Row database n_mappings
1 Uniprot 225032  
2 InterPro 87289  
3 Ensembl 68954  
4 PDB 60276  
5 RefSeq 55689  
6 GO 28481  
7 HGNC 20319  
8 KEGG 19431  
9 GeneID 19174  
10 GeneTree 18969  
11 Reactome 18491  
12 EC 6039  
13 MetaCyc 1187  
14 RHEA 628  
15 UM-BBD_reactionID 33  
16 Wikipedia 32  
17 UM-BBD_enzymeID 16  
18 RESID 9  
19 TC 5  
20 GOC 1

@ibarshai did you want to go ahead and close this issue unless we have any other questions?
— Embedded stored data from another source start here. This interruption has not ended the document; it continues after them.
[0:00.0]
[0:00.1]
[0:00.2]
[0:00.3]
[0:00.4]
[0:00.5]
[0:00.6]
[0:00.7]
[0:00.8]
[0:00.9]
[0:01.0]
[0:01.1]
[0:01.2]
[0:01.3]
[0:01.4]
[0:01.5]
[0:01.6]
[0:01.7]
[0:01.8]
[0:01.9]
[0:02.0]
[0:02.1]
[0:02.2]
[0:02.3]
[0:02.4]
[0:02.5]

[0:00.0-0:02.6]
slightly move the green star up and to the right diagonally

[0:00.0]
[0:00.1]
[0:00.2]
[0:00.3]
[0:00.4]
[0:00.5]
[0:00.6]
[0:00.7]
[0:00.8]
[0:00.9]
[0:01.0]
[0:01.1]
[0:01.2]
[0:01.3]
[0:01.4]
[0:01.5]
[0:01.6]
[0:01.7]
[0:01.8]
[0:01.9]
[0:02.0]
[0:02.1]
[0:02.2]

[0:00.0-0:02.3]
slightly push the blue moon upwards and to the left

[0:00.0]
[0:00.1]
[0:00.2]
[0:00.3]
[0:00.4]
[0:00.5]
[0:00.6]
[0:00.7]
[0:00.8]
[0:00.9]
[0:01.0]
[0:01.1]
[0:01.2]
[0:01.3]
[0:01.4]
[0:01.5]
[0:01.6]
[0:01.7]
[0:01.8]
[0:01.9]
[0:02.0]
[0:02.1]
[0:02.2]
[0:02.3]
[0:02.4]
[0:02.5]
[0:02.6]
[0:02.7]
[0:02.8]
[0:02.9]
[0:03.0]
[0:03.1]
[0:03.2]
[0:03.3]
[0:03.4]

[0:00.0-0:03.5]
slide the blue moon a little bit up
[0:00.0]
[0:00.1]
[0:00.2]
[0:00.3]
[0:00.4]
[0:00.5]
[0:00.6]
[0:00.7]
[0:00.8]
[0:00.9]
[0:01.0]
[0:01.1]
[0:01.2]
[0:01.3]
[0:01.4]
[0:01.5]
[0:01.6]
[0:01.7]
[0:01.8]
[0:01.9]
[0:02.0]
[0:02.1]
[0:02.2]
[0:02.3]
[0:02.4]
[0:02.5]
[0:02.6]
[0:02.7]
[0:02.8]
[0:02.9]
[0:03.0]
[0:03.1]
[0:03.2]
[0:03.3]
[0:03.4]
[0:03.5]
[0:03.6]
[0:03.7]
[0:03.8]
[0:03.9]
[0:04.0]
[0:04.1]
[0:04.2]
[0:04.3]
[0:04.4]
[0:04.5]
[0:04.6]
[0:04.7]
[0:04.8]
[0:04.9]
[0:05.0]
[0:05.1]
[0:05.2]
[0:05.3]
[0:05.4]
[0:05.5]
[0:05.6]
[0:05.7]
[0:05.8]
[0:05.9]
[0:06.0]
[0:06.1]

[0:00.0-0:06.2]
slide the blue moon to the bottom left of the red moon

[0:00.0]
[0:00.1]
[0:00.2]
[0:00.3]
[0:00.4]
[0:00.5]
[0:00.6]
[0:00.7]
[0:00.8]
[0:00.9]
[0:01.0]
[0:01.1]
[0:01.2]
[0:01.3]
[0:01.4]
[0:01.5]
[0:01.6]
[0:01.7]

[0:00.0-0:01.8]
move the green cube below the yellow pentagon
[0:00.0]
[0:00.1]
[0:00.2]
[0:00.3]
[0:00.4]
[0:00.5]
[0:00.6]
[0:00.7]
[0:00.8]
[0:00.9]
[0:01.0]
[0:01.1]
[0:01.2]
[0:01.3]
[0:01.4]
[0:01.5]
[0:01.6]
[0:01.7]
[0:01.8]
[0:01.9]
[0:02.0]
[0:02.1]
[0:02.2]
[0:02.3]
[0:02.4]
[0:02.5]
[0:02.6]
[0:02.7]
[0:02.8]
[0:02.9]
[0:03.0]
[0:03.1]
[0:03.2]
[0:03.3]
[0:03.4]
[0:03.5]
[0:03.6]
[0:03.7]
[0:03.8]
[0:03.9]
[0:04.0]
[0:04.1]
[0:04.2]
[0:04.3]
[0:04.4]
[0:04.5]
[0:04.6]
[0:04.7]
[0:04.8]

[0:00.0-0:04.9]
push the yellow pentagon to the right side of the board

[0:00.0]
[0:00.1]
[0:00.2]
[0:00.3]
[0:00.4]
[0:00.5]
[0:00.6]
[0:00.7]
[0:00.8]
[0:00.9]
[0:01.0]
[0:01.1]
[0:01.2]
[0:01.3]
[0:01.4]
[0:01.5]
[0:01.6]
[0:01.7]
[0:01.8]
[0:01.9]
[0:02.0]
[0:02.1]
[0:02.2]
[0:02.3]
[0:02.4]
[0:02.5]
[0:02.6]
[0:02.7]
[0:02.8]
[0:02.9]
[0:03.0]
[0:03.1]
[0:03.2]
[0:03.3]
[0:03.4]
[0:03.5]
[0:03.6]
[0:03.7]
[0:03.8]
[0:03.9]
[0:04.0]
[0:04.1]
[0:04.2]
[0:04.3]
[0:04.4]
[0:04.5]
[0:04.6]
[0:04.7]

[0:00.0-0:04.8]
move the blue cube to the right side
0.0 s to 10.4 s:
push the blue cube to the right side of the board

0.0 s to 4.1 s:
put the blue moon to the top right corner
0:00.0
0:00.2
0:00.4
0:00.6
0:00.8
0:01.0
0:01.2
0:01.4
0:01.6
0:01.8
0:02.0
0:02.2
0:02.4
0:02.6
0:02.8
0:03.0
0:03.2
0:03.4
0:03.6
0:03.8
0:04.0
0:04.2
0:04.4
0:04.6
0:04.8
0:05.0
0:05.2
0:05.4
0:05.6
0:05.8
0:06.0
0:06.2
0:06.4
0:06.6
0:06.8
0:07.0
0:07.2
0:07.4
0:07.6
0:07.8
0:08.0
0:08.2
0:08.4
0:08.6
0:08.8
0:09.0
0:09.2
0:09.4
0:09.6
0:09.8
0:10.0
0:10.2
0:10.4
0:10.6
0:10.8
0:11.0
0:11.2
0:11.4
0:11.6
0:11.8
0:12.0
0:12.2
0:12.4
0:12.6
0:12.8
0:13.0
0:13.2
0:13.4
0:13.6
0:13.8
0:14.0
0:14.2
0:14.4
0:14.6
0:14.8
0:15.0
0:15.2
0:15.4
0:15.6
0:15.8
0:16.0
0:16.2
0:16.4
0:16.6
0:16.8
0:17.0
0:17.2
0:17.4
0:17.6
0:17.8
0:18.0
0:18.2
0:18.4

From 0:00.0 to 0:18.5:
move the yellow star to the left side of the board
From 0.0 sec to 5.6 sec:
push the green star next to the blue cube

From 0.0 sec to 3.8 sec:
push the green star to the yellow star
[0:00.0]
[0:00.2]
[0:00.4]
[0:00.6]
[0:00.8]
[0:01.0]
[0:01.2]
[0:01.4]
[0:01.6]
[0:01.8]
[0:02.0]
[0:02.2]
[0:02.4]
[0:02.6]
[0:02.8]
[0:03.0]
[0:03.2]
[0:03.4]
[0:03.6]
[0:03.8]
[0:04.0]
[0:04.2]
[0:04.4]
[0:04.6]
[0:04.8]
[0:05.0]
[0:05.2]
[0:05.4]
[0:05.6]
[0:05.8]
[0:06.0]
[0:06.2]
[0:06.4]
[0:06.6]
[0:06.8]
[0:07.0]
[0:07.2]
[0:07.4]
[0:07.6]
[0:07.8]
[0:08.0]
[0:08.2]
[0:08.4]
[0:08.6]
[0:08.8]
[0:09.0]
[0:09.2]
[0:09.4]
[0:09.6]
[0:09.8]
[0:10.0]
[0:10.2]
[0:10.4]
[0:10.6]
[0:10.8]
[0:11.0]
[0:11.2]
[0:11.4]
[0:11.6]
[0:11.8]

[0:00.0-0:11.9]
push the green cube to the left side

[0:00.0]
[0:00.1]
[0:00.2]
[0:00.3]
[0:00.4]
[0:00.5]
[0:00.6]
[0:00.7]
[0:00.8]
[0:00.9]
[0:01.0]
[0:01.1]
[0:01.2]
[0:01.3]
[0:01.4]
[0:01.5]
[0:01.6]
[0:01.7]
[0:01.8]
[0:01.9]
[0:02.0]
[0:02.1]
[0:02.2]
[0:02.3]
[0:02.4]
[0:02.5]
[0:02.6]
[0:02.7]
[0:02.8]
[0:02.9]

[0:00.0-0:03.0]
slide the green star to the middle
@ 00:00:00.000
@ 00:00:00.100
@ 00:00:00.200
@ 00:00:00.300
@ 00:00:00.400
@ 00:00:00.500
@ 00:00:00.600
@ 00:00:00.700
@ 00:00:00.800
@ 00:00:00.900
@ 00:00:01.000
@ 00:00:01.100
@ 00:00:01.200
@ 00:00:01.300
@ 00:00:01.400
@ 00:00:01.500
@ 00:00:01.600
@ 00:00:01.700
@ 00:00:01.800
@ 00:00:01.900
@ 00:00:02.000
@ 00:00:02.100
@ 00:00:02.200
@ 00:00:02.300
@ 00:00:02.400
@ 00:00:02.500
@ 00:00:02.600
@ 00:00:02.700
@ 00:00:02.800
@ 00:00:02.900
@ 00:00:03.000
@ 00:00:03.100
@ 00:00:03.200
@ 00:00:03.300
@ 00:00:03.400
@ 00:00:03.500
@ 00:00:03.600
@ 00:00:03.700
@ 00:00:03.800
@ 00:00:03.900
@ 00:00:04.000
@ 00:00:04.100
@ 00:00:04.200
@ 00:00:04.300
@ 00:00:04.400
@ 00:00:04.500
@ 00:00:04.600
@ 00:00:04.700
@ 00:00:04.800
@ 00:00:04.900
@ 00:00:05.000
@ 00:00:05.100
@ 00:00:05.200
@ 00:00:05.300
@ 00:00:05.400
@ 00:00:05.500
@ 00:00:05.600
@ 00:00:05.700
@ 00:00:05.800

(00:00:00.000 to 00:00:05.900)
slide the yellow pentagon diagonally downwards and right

dhimmel commented 2 years ago

And here is an example query to map gene preferred labels to ensembl gene IDs that returns 21362 results:

SELECT
  DISTINCT human_genes_preflabel.name AS gene_preflabel,
  ocid_xref.database_id AS ensembl_id
FROM
  `sciwalker-open-data.ontologies_2020r02.human_genes_preflabel` AS human_genes_preflabel
INNER JOIN
  `sciwalker-open-data.ontologies_2020r02.ocid_xref` AS ocid_xref
USING
  (ocid)
WHERE
  ocid_xref.database = "Ensembl"
  # exclude ensembl protein mappings
  AND ocid_xref.database_id LIKE "ENSG%"
ORDER BY
  gene_preflabel,
  ensembl_id
Row gene_preflabel ensembl_id
1 A1BG ENSG00000121410  
2 A1CF ENSG00000148584  
3 A2M ENSG00000175899  
4 A2ML1 ENSG00000166535  
5 A3GALT2 ENSG00000184389  
6 A4GALT ENSG00000128274
dhimmel commented 2 years ago

Note that to map to patent annotations, it's not necessary to go through sciwalker-open-data.ontologies_2020r02.human_genes_preflabel, since ocid is available in patents-public-data.google_patents_research.annotations:

SELECT
  DISTINCT ocid_xref.database_id AS ensembl_gene_id,
  ocid,
  patent_annotations.preferred_name AS patent_annotation_preferred_name,
  human_genes_preflabel.name AS gene_preflabel,
  patent_annotations.publication_number,
  patent_annotations.domain,
  --   patent_annotations.source,
  --   patent_annotations.confidence,
  --   patent_annotations.character_offset_start,
  --   patent_annotations.character_offset_end
FROM
  `patents-public-data.google_patents_research.annotations` AS patent_annotations
INNER JOIN
  `sciwalker-open-data.ontologies_2020r02.ocid_xref` AS ocid_xref
USING
  (ocid)
LEFT JOIN
  `sciwalker-open-data.ontologies_2020r02.human_genes_preflabel` AS human_genes_preflabel
USING
  (ocid)
WHERE
  ocid_xref.database = "Ensembl"
  # exclude ensembl protein mappings
  AND ocid_xref.database_id LIKE "ENSG%"
  # restrict to single patent publication for development
  AND patent_annotations.publication_number = "JP-3820105-B2"
LIMIT
  1000
Row ensembl_gene_id ocid patent_annotation_preferred_name gene_preflabel publication_number domain  
1 ENSG00000134853 102100004940 Platelet-derived growth factor receptor alpha PDGFRA JP-3820105-B2 humangenes  
2 ENSG00000111537 102100016020 Interferon gamma IFNG JP-3820105-B2 humangenes  
3 ENSG00000115008 102100018955 Interleukin-1 alpha IL1A JP-3820105-B2 humangenes  
4 ENSG00000130427 101000292394 human Erythropoietin null JP-3820105-B2 proteins  
5 ENSG00000174059 102100016492 Hematopoietic progenitor cell antigen CD34 CD34 JP-3820105-B2 humangenes  
6 ENSG00000025708 102100008604 Thymidine phosphorylase TYMP JP-3820105-B2 humangenes  
7 ENSG00000138798 102100010813 Pro-epidermal growth factor EGF JP-3820105-B2 humangenes  
8 ENSG00000102265 102100002607 Erythroid-potentiating activity TIMP1 JP-3820105-B2 humangenes  
9 ENSG00000214274 102100018024 Angiogenin ANG JP-3820105-B2 humangenes  
10 ENSG00000134531 102100010285 Epithelial membrane protein 1 EMP1 JP-3820105-B2 humangenes  
11 ENSG00000109270 101000411504 human Ragulator complex protein LAMTOR3 null JP-3820105-B2 proteins
ravwojdyla commented 2 years ago

👋 @wetherbeei noticed the 2022 release of the "ontologies" at sciwalker-open-data:ontologies_2022r01, would it be possible to publish ocid_xref for 2022 as well please?

ravwojdyla commented 2 years ago

Also ping @c-ruttkies, would appreciate your help as well please ^

ravwojdyla commented 2 years ago

FYI ocid_xref for 2022 was published, thanks OntoChem/Sciwalker. This issue can probably be closed btw.